== Segment start ==

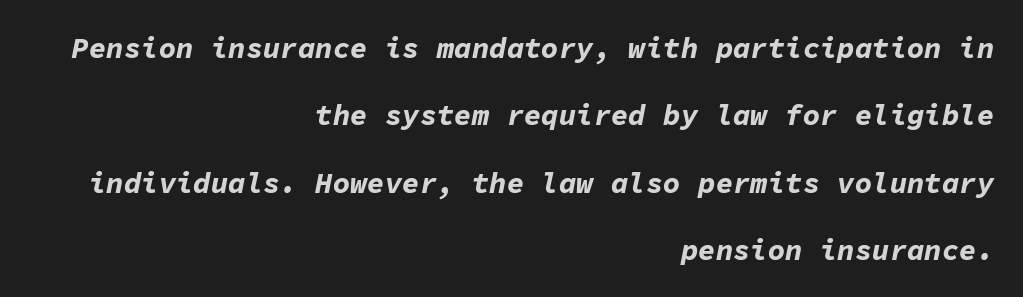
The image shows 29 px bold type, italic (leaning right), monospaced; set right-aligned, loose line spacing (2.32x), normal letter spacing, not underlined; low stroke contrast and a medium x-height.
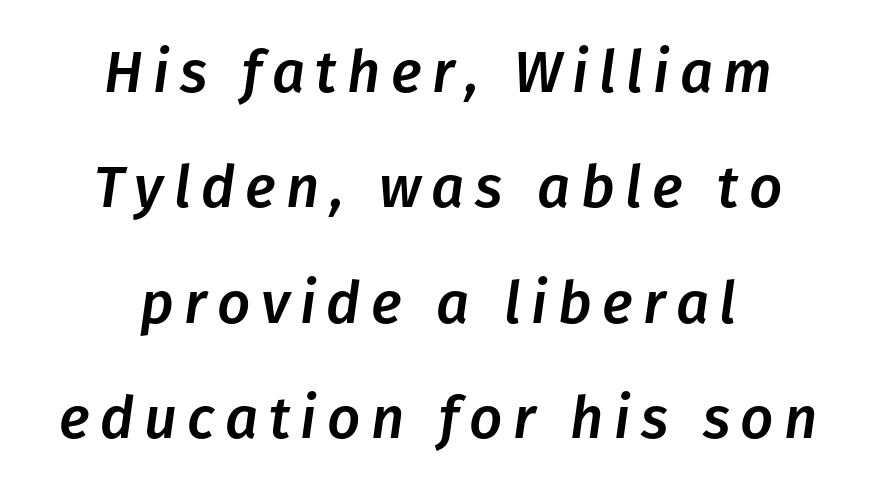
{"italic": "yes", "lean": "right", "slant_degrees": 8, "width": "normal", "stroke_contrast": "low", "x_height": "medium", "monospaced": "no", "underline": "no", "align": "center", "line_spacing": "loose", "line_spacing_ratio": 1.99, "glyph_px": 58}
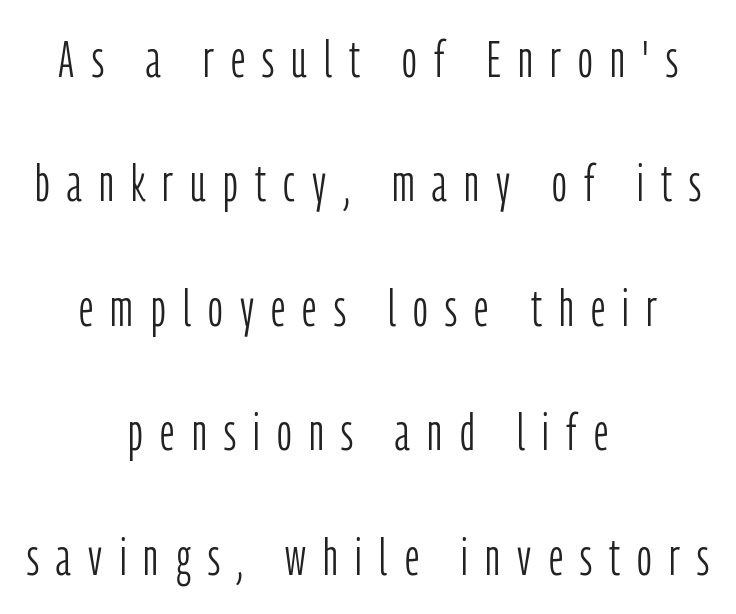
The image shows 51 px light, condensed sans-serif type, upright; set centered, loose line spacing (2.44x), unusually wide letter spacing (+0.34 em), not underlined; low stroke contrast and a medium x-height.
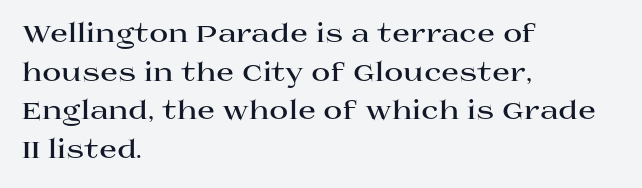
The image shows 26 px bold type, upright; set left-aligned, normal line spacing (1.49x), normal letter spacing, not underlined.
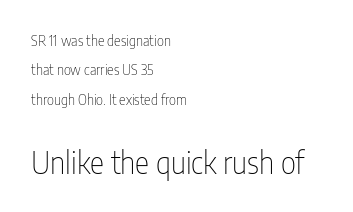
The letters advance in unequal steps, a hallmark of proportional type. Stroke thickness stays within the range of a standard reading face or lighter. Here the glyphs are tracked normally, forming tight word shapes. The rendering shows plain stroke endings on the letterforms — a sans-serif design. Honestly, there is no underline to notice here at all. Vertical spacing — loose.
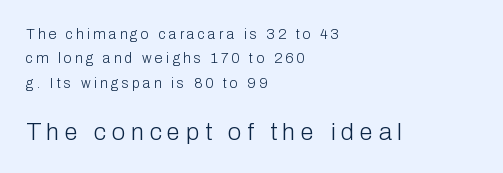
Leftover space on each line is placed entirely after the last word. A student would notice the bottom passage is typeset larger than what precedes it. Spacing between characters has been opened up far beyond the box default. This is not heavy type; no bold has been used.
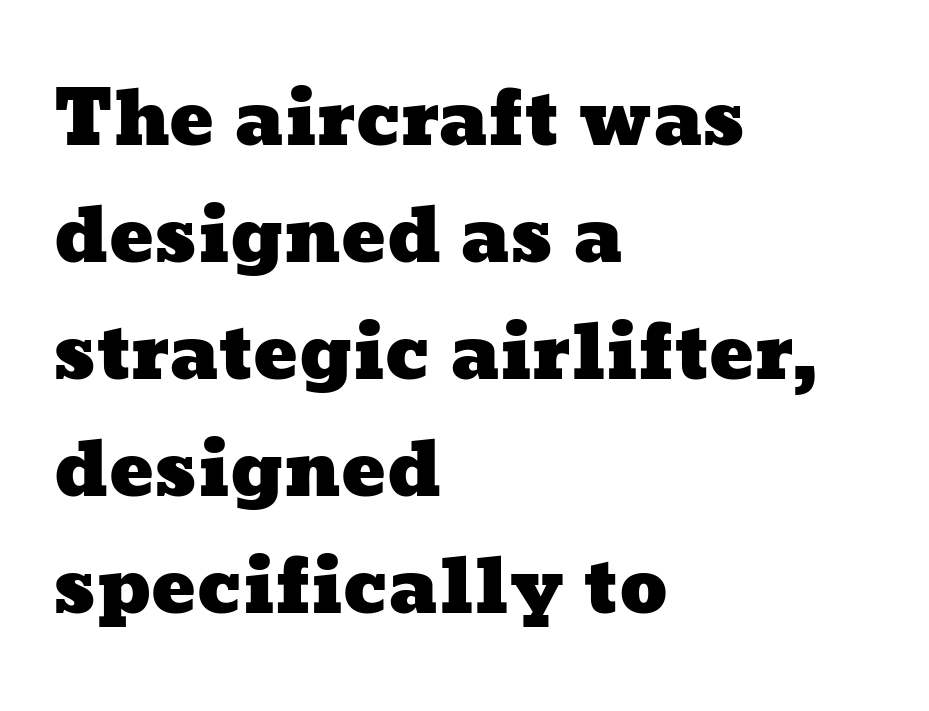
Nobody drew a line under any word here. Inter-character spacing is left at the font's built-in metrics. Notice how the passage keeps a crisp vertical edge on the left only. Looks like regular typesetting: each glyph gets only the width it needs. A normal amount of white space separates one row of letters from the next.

== Segment end ==
== Segment start ==

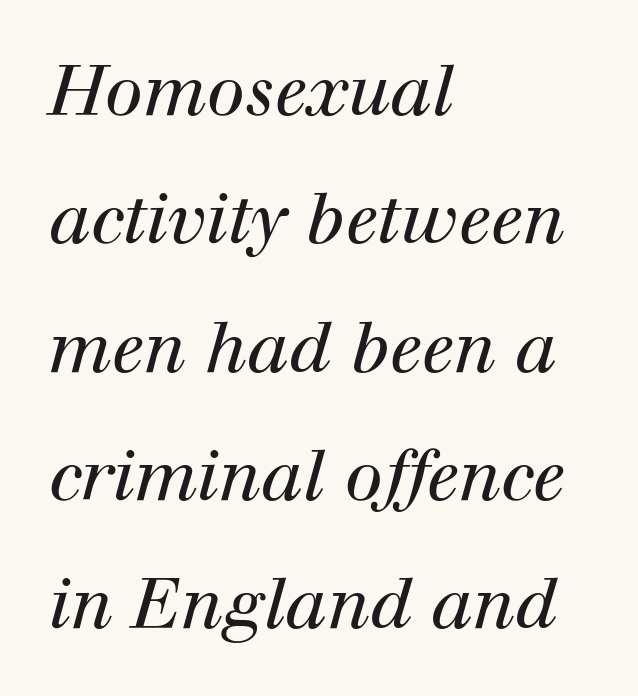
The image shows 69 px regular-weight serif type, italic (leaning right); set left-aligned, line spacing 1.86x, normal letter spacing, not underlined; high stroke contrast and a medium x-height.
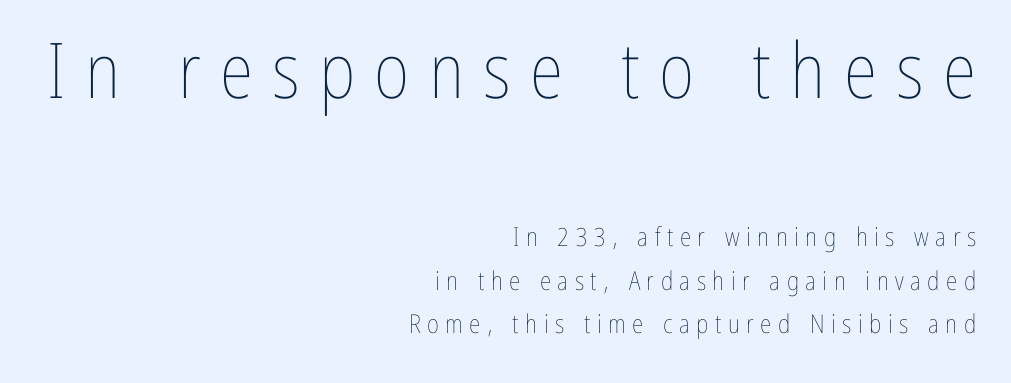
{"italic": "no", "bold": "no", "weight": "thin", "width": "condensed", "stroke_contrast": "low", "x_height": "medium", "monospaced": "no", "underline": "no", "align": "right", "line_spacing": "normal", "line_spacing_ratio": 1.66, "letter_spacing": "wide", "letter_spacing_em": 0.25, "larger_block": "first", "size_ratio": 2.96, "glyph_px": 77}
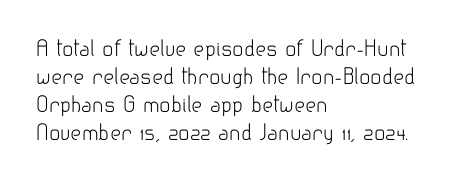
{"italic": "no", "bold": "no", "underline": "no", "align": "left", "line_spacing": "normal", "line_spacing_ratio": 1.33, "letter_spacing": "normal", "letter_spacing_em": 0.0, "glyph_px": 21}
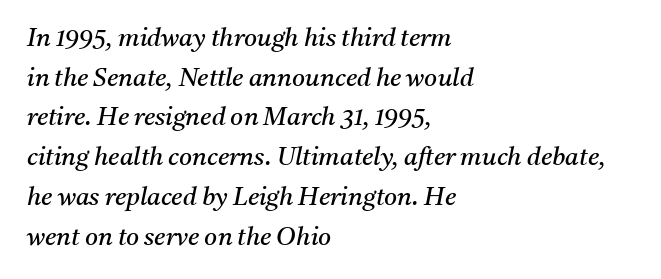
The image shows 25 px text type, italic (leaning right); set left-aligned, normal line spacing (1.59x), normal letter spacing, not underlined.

== Segment end ==
== Segment start ==

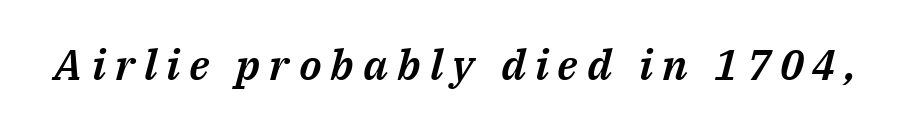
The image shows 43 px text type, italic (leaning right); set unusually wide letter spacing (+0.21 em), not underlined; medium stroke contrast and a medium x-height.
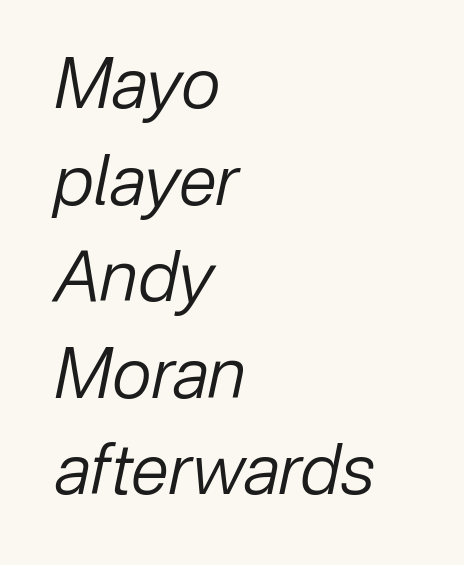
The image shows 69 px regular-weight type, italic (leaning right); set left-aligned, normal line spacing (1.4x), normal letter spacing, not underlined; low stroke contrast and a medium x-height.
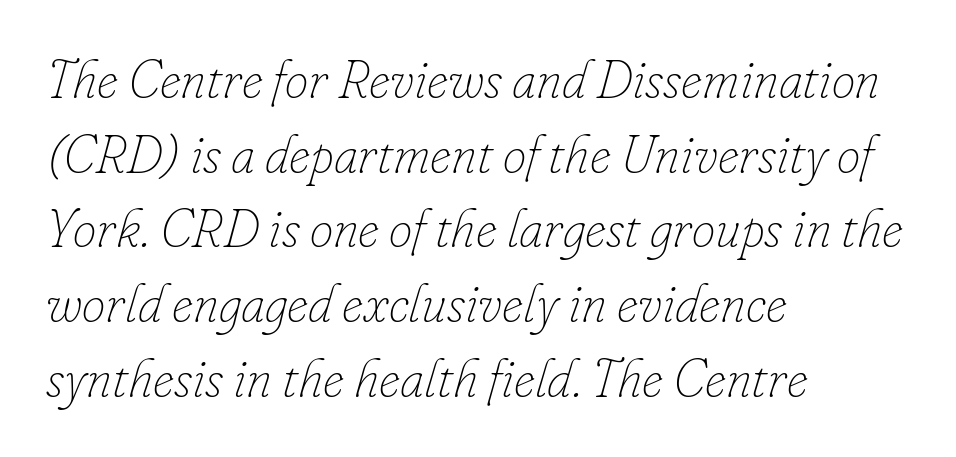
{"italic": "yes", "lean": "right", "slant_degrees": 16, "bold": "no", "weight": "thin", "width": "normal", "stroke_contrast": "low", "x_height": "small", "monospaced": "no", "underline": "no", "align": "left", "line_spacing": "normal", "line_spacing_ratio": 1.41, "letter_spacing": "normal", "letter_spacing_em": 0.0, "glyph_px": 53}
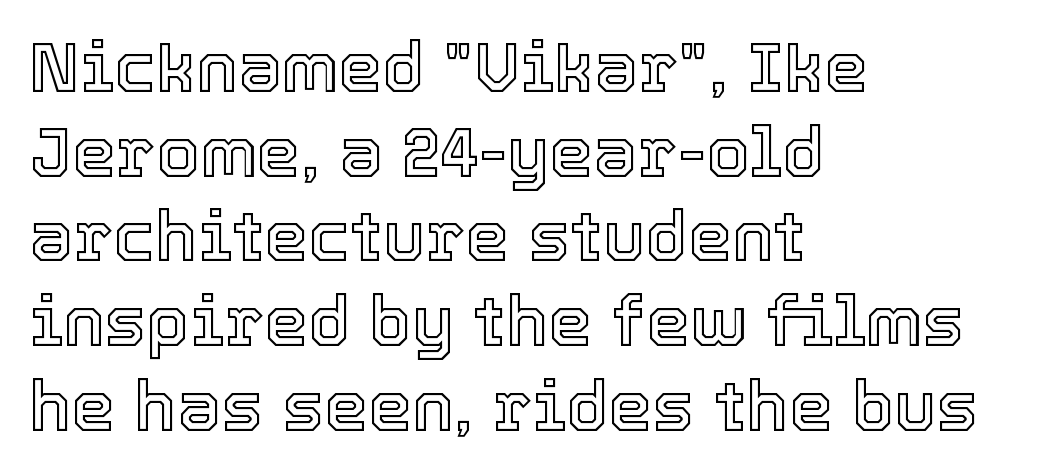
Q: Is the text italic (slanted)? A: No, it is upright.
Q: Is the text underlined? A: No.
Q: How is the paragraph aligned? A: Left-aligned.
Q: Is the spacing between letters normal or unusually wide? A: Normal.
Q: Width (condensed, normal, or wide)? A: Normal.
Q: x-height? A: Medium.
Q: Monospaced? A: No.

== Segment end ==

## TASK ITEM
Quote word for word only the lines above from the one containing "The image shows 29" through the one containing "Nobody drew a". Pictures stay out of your copy.

## RESPONSE AREA
The image shows 29 px bold type, italic (leaning right), monospaced; set right-aligned, loose line spacing (2.32x), normal letter spacing, not underlined; low stroke contrast and a medium x-height.
{"italic": "yes", "lean": "right", "slant_degrees": 8, "width": "normal", "stroke_contrast": "low", "x_height": "medium", "monospaced": "no", "underline": "no", "align": "center", "line_spacing": "loose", "line_spacing_ratio": 1.99, "glyph_px": 58}
The image shows 51 px light, condensed sans-serif type, upright; set centered, loose line spacing (2.44x), unusually wide letter spacing (+0.34 em), not underlined; low stroke contrast and a medium x-height.
The image shows 26 px bold type, upright; set left-aligned, normal line spacing (1.49x), normal letter spacing, not underlined.
The letters advance in unequal steps, a hallmark of proportional type. Stroke thickness stays within the range of a standard reading face or lighter. Here the glyphs are tracked normally, forming tight word shapes. The rendering shows plain stroke endings on the letterforms — a sans-serif design. Honestly, there is no underline to notice here at all. Vertical spacing — loose.
Leftover space on each line is placed entirely after the last word. A student would notice the bottom passage is typeset larger than what precedes it. Spacing between characters has been opened up far beyond the box default. This is not heavy type; no bold has been used.
Nobody drew a line under any word here. Inter-character spacing is left at the font's built-in metrics. Notice how the passage keeps a crisp vertical edge on the left only. Looks like regular typesetting: each glyph gets only the width it needs. A normal amount of white space separates one row of letters from the next.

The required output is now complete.